What you will do: Everything from the line containing "A simulated town, filmed from a van." through the final line of the entries must be repeated exactly, and only that, without pictures.

Stored data:
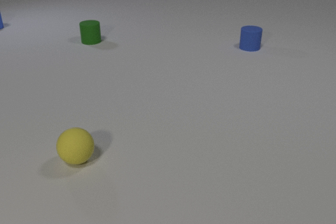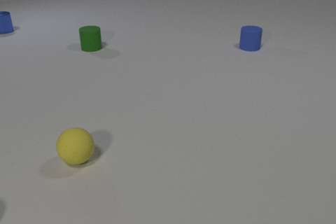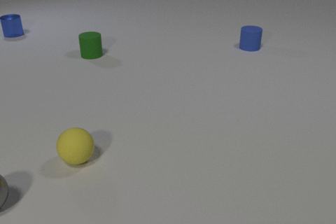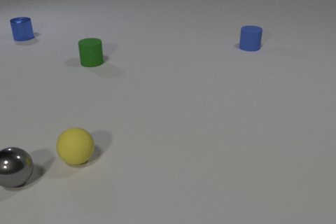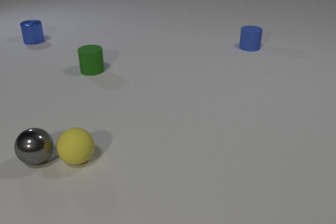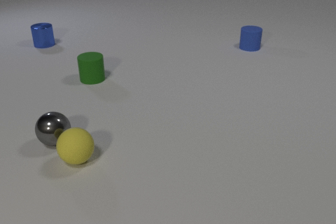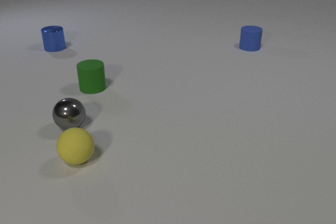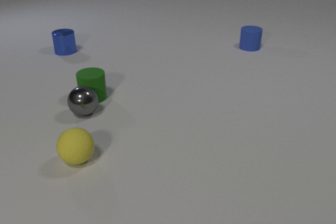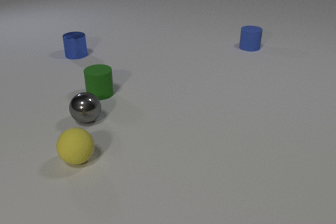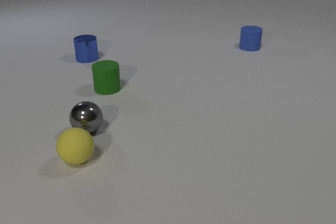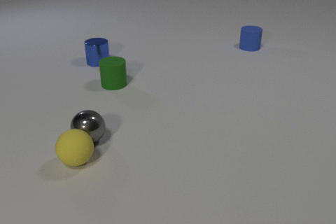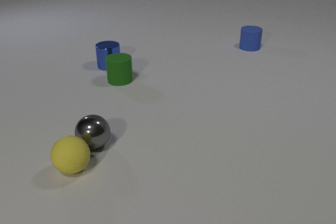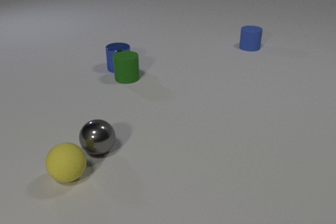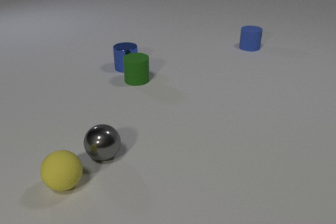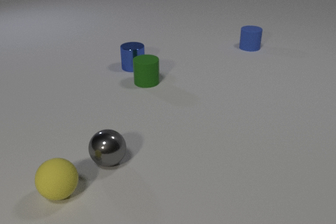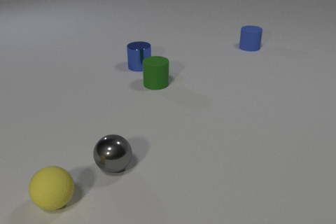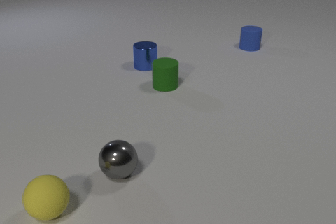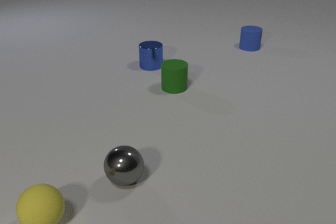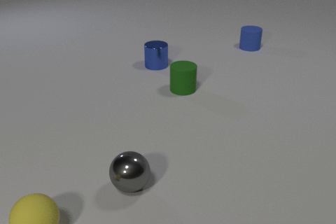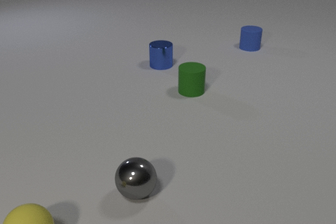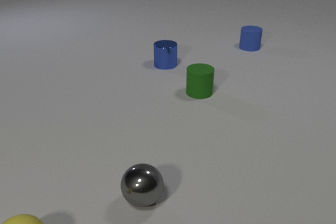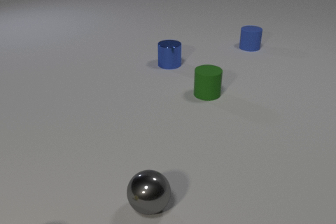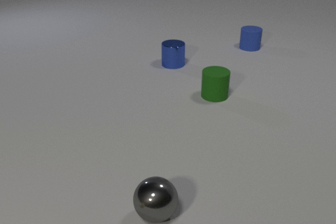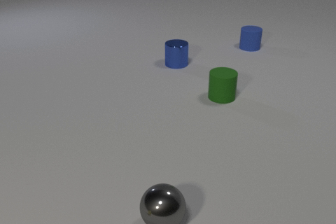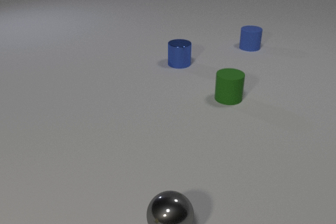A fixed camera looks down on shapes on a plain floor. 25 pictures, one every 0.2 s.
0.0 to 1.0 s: The green rubber cylinder slides toward the camera. The gray metal sphere comes in at the left edge, rolls away from the camera and to the right. The blue metal cylinder slides toward the camera and to the right.
1.0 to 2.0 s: The green rubber cylinder slides to the right and toward the camera. The gray metal sphere rolls to the right. The blue metal cylinder slides toward the camera and to the right. The green rubber cylinder and the gray metal sphere collide. The gray metal sphere and the yellow rubber sphere collide.
2.0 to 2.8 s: The green rubber cylinder slides to the right. The gray metal sphere rolls toward the camera and to the right. The blue metal cylinder slides to the right and toward the camera. The yellow rubber sphere rolls toward the camera. The green rubber cylinder and the blue metal cylinder collide.
2.8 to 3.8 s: The green rubber cylinder slides to the right and toward the camera. The gray metal sphere rolls toward the camera and to the right. The blue metal cylinder slides to the right. The yellow rubber sphere rolls toward the camera and to the left.
3.8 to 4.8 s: The green rubber cylinder slides to the right. The gray metal sphere rolls toward the camera and to the right. The blue metal cylinder slides to the right. The yellow rubber sphere rolls toward the camera and to the left, leaves at the bottom edge.
How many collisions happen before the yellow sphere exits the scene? 3.
How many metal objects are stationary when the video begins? 0.
How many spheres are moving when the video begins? 0.
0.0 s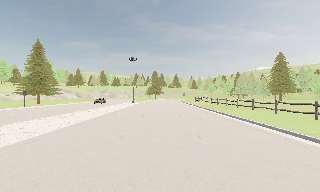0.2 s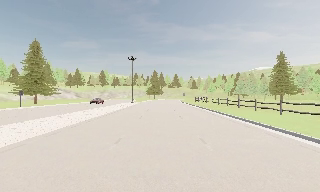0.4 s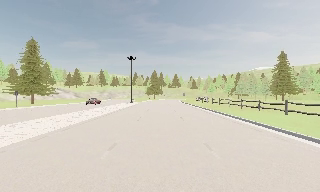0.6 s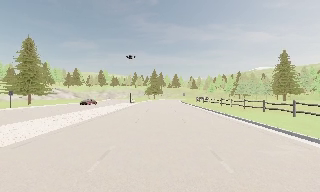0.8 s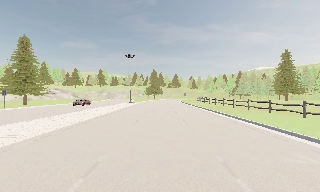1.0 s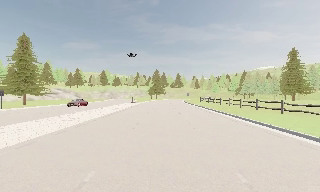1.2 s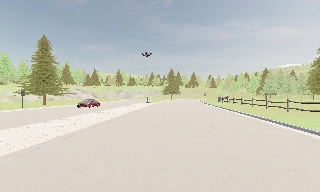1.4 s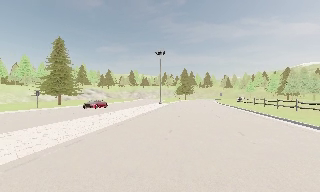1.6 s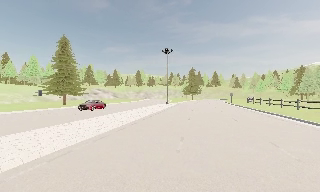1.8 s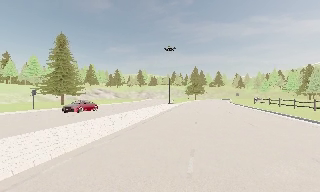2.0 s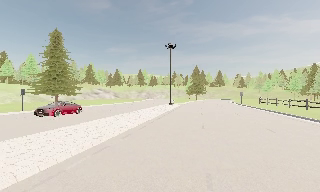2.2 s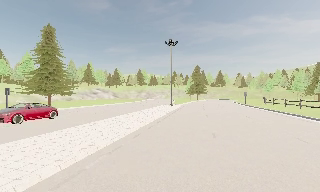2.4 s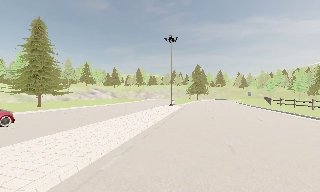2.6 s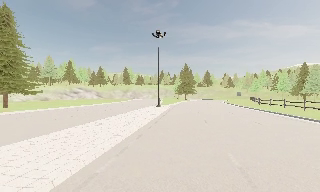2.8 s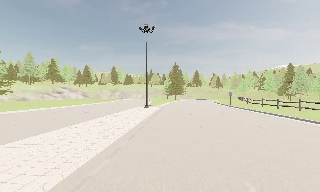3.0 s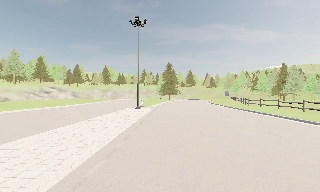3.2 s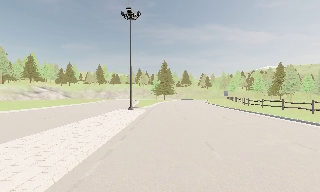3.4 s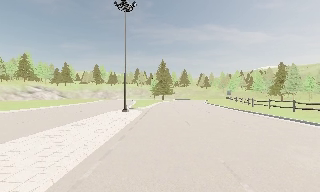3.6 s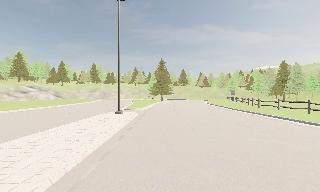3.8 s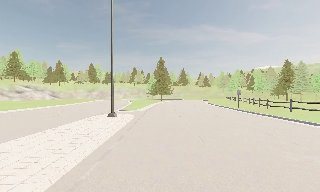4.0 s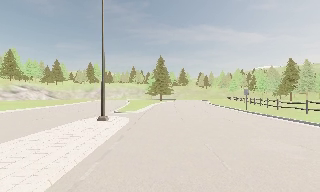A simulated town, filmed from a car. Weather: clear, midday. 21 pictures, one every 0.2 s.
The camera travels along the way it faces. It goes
forward.
0.0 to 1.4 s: The camera pans to its left, which is counterclockwise from overhead, by about 10 degrees. It travels forward, about 7 m, so what stands in front looms larger. It gains speed.
1.4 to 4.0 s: The camera pans to its right, which is clockwise from overhead, by about 10 degrees. It travels forward, about 25 m, so what stands in front looms larger.
The film runs forward here.
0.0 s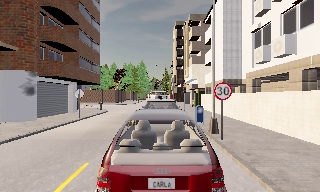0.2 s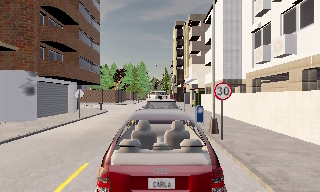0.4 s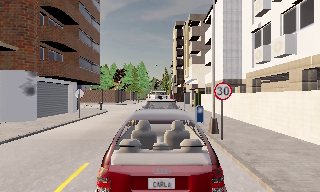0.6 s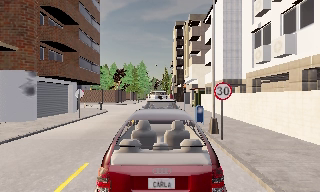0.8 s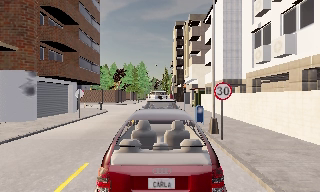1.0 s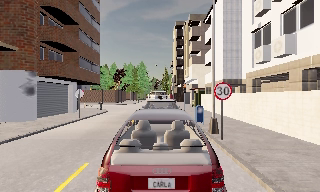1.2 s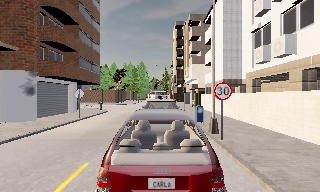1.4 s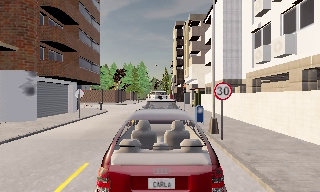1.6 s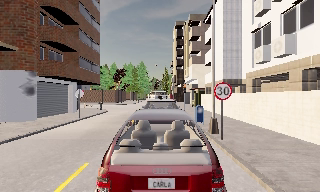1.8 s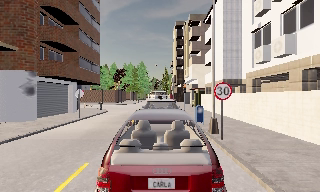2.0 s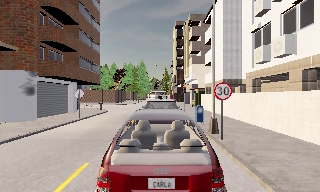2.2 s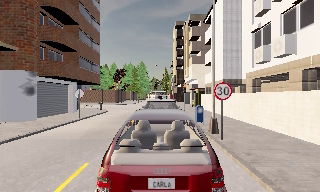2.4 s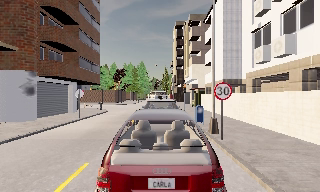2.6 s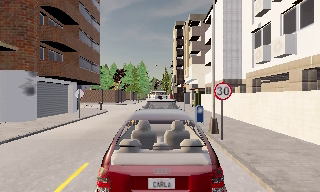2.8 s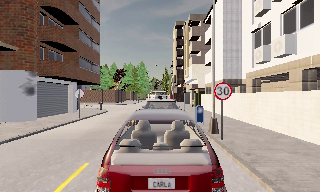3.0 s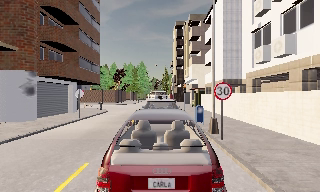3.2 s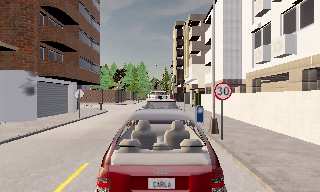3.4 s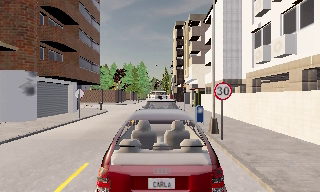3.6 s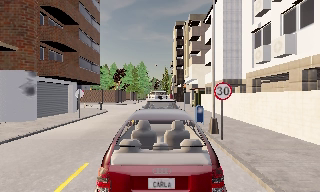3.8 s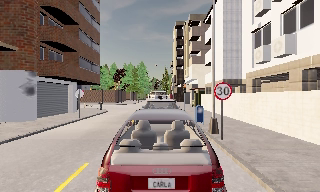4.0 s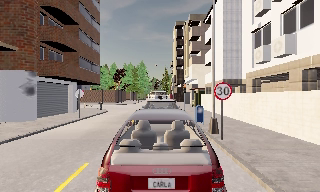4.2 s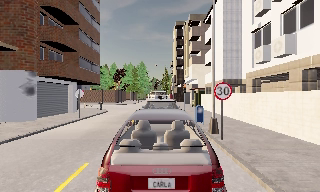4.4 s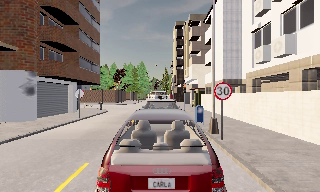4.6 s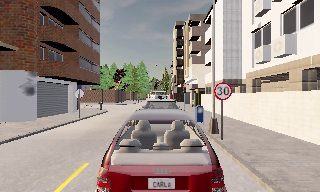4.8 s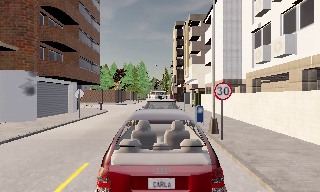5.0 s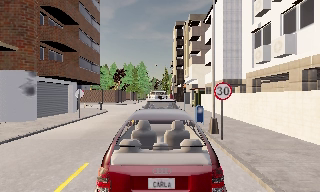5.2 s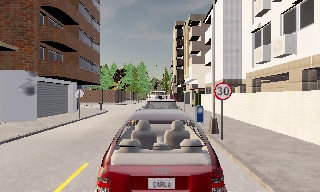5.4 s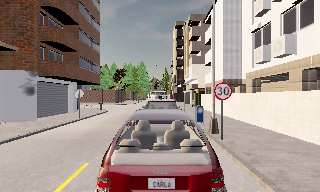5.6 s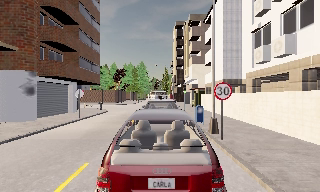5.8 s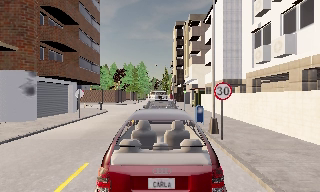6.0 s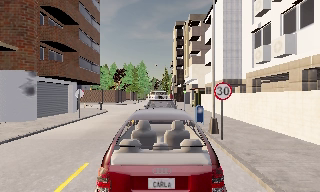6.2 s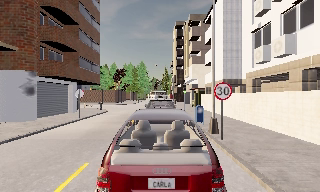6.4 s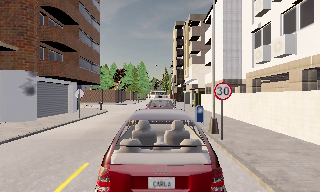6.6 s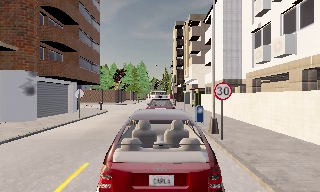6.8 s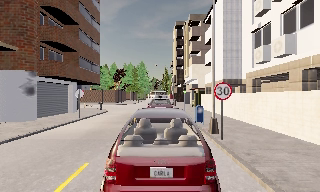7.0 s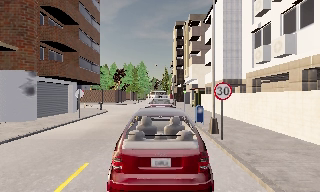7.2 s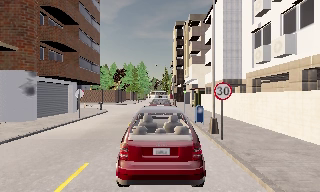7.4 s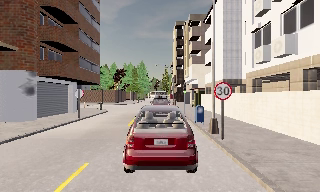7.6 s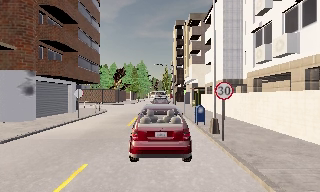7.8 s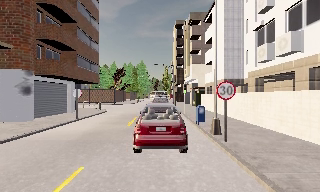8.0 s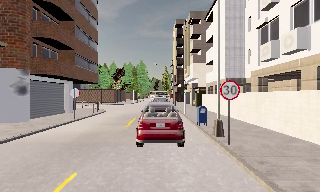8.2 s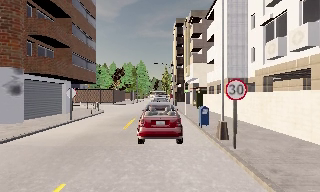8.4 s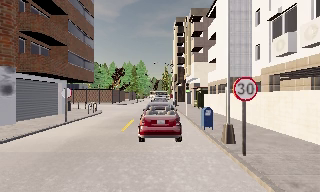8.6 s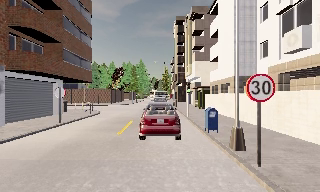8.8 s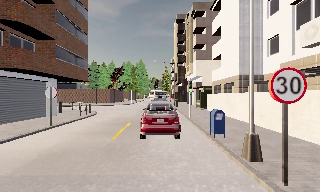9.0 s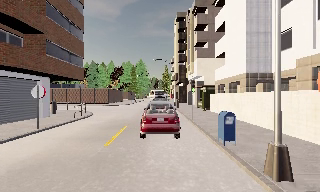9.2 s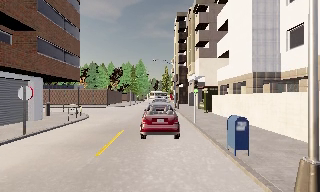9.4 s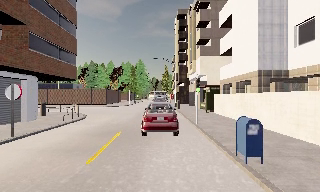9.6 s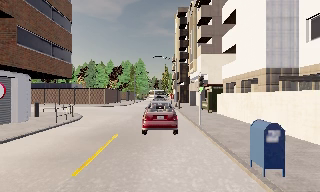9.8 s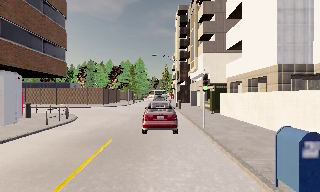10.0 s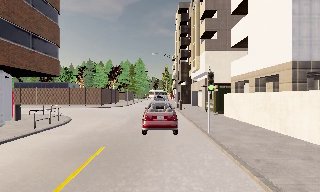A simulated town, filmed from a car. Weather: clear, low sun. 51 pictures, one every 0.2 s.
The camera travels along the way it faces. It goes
forward.
0.0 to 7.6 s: The camera keeps its place and its aim.
7.6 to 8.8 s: The camera travels forward, about 3 m, so what stands in front looms larger. It gains speed.
8.8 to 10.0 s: The camera travels forward, about 5 m, so what stands in front looms larger.
The film runs forward here.
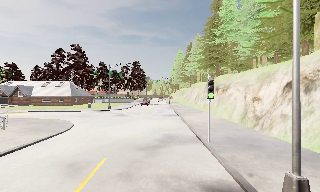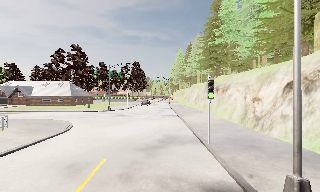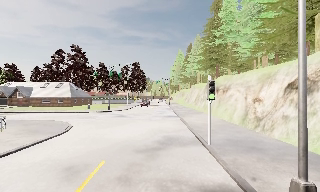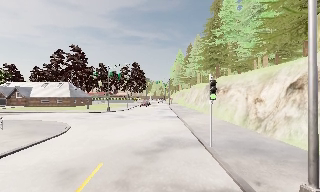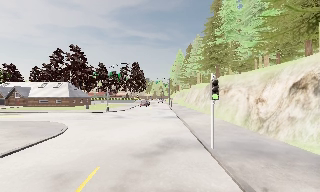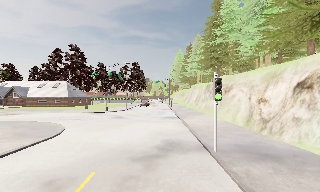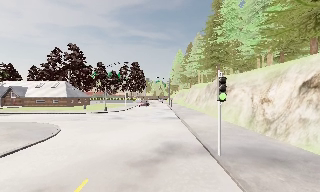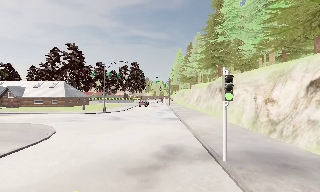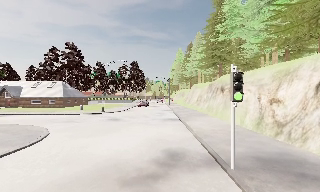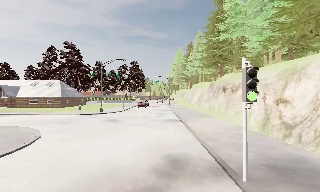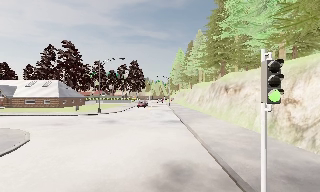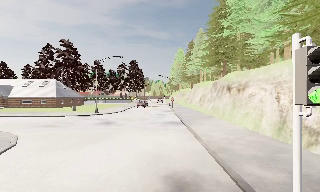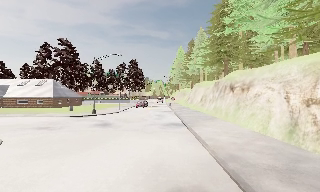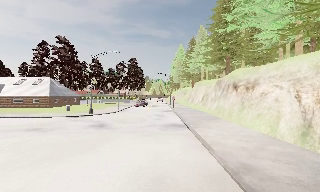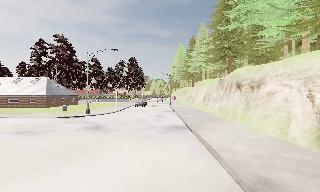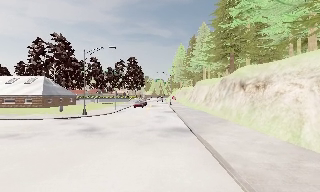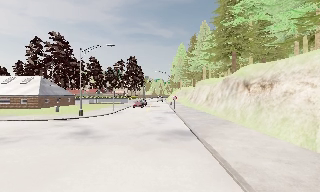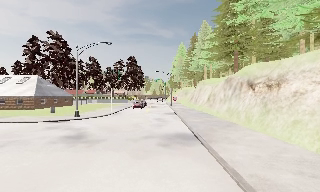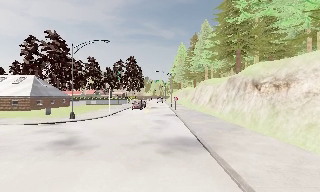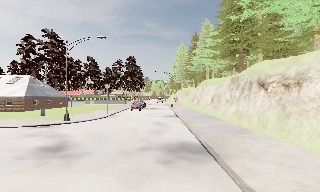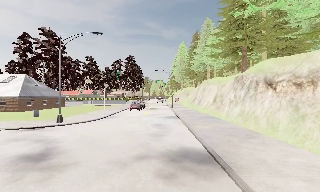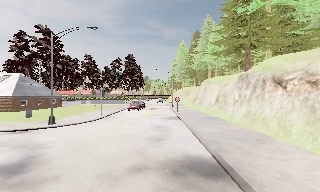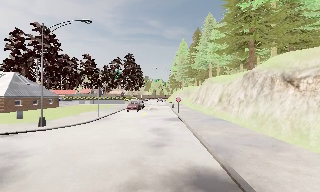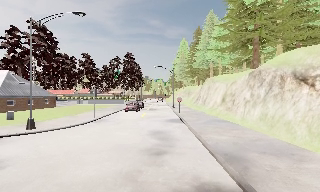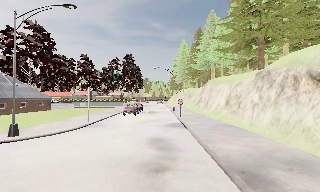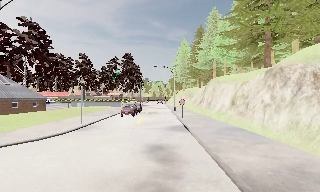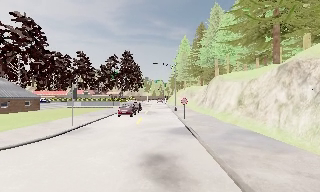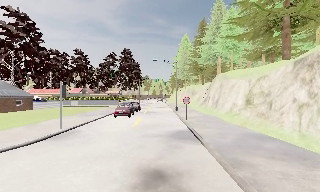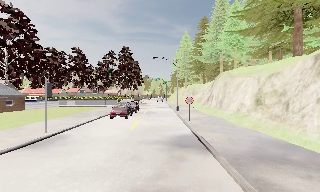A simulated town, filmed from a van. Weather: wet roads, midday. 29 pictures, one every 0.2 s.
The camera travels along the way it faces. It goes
forward.
0.0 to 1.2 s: The camera travels forward, about 1.5 m, so what stands in front looms larger. It gains speed.
1.2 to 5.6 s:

Output of the task:
A simulated town, filmed from a van. Weather: wet roads, midday. 29 pictures, one every 0.2 s.
The camera travels along the way it faces. It goes
forward.
0.0 to 1.2 s: The camera travels forward, about 1.5 m, so what stands in front looms larger. It gains speed.
1.2 to 5.6 s:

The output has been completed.